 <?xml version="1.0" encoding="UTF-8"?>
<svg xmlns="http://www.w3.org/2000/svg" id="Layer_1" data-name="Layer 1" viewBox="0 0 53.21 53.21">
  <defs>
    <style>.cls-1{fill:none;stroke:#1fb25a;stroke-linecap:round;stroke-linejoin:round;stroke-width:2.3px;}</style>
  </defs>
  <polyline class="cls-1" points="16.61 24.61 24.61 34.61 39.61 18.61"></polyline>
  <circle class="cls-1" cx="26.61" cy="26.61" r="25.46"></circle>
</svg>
===
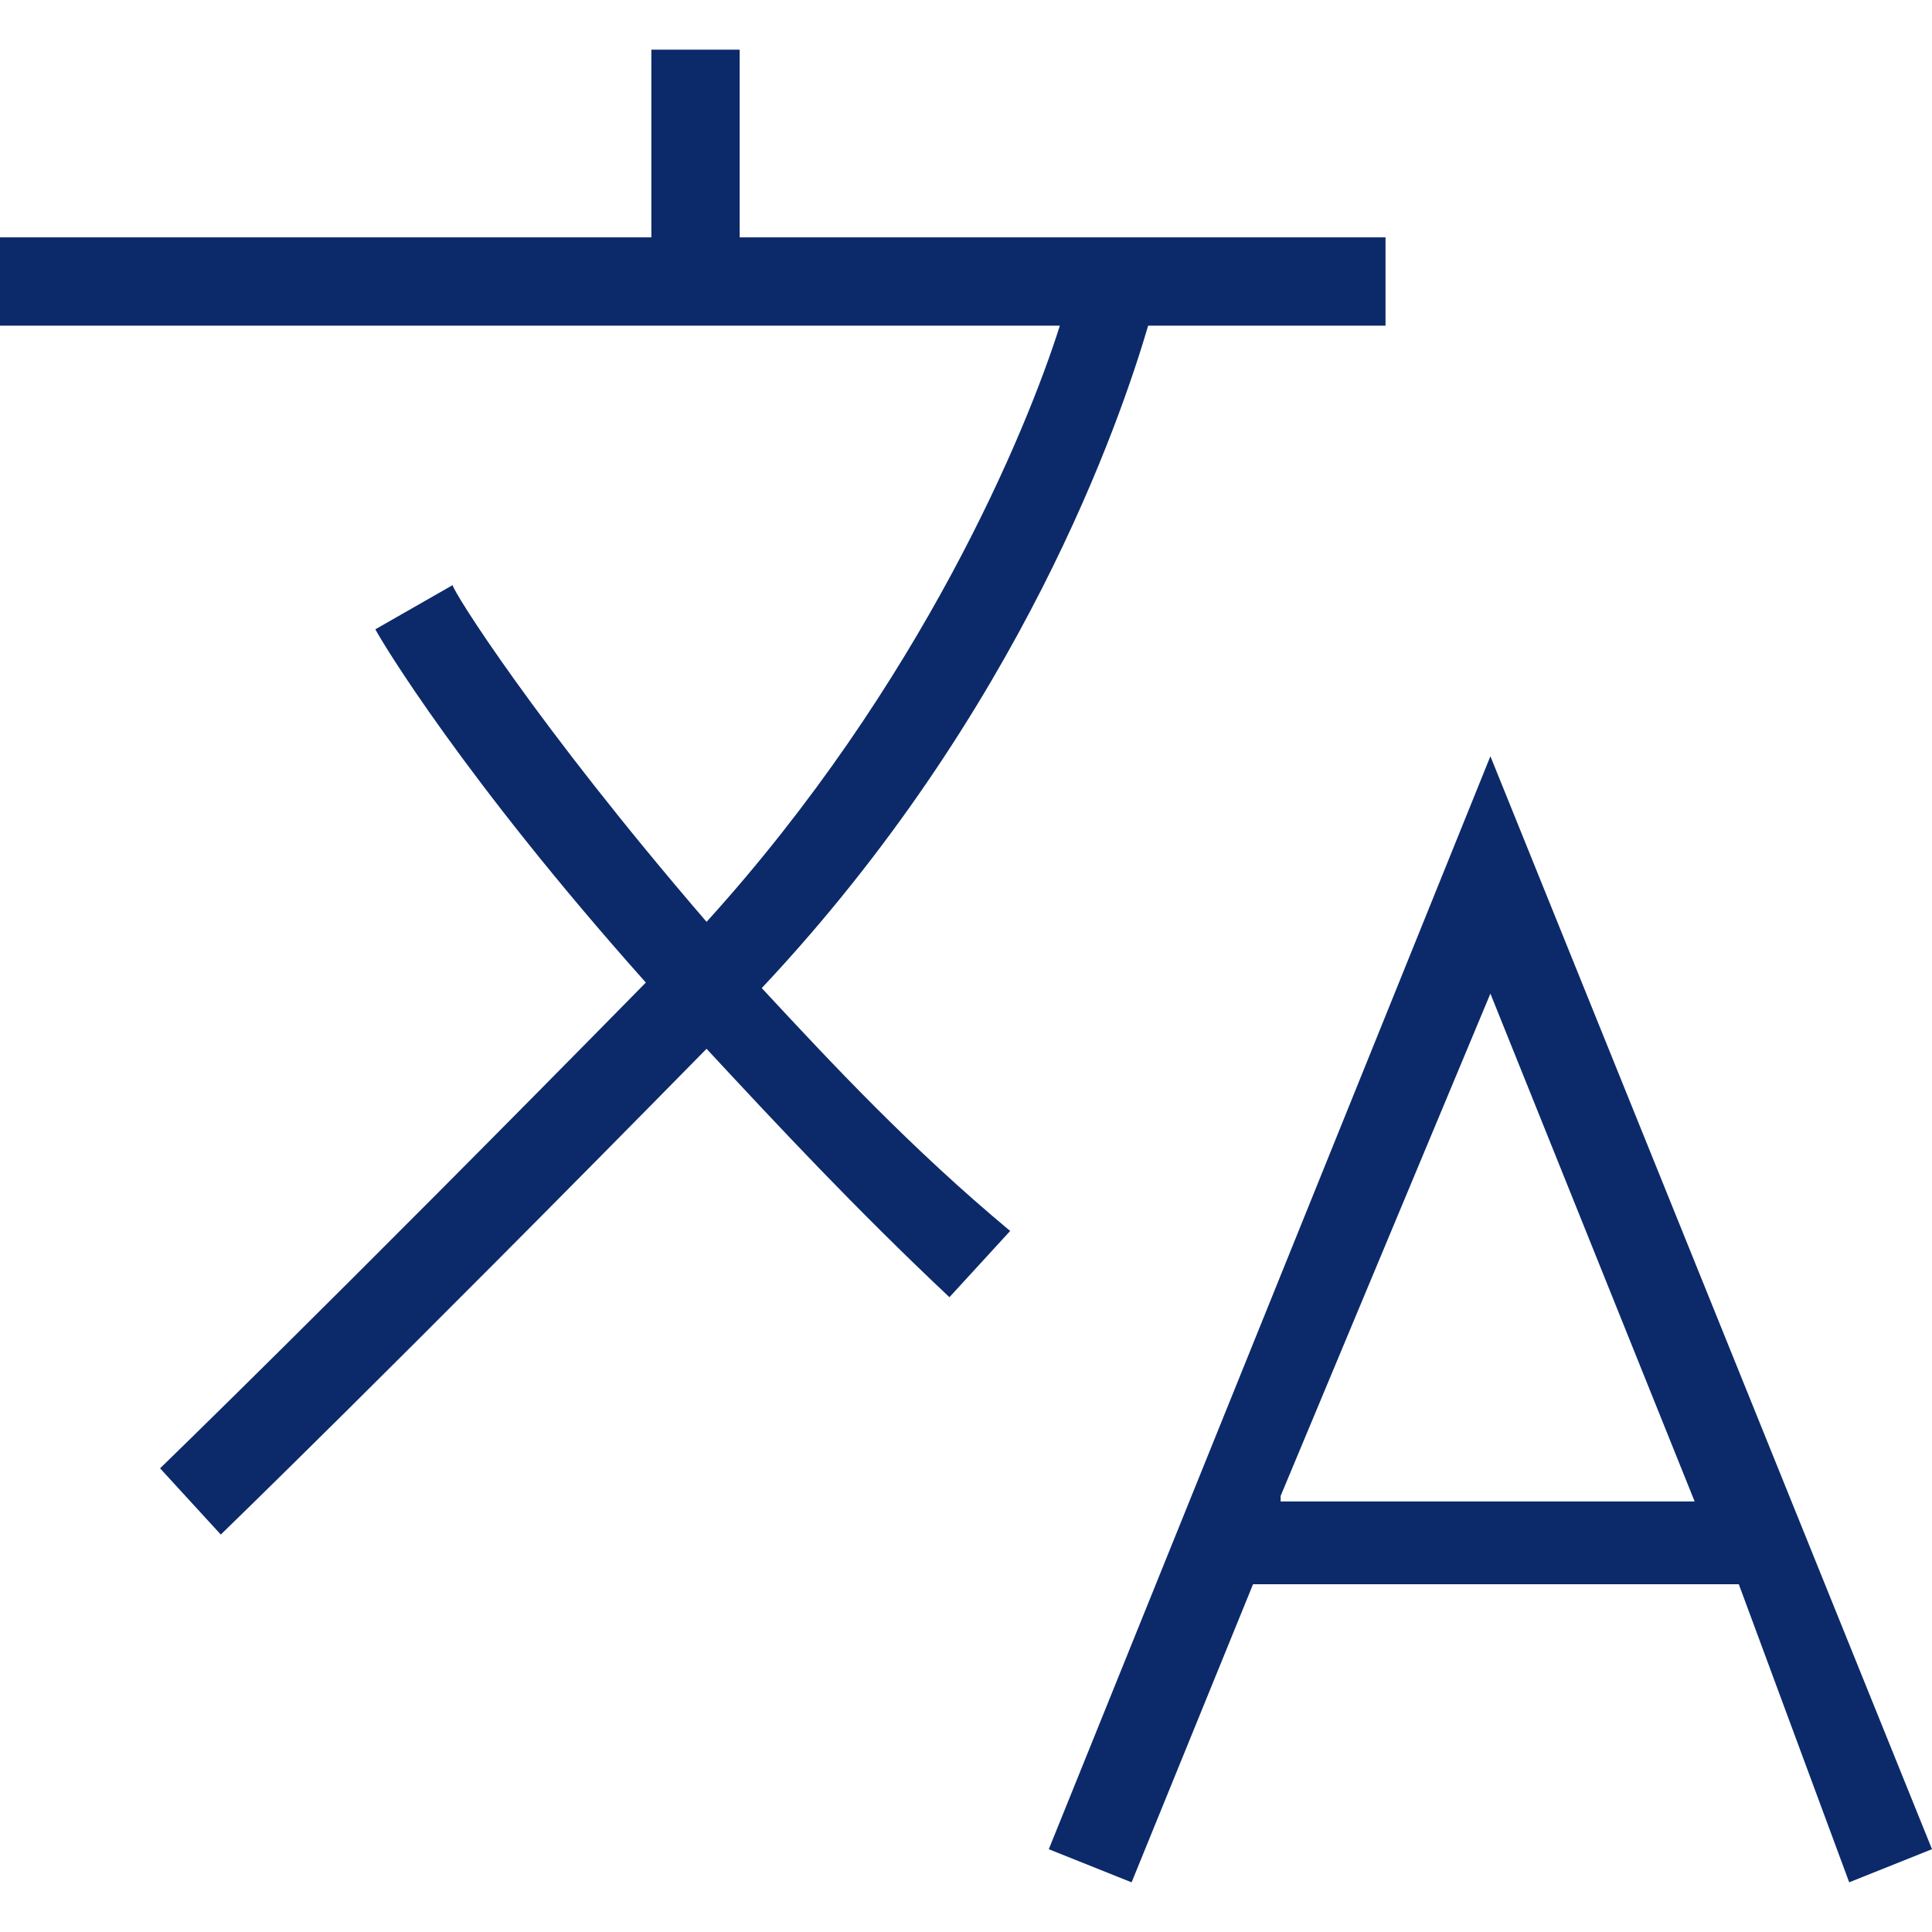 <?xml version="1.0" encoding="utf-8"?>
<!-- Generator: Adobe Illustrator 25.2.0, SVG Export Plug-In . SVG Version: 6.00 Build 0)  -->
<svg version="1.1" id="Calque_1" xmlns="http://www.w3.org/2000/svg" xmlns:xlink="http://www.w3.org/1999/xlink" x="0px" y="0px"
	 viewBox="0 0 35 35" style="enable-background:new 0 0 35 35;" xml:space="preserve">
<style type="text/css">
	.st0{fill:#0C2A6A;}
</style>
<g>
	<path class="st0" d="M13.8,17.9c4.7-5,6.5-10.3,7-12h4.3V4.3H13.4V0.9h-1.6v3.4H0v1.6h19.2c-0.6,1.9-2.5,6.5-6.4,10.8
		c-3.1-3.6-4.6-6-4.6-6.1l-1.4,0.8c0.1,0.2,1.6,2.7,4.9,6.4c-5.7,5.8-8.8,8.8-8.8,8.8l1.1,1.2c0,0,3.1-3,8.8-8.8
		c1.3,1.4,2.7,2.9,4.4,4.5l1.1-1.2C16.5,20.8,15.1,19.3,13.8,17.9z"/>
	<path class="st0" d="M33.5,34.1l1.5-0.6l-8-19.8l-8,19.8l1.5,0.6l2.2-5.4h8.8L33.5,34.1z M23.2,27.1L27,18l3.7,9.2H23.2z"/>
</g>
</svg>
===
What is required:
Every line containing the string "style" is required; copy each such line from the data.

Answer space:
    <style>.cls-1{fill:none;stroke:#1fb25a;stroke-linecap:round;stroke-linejoin:round;stroke-width:2.3px;}</style>
	 viewBox="0 0 35 35" style="enable-background:new 0 0 35 35;" xml:space="preserve">
<style type="text/css">
</style>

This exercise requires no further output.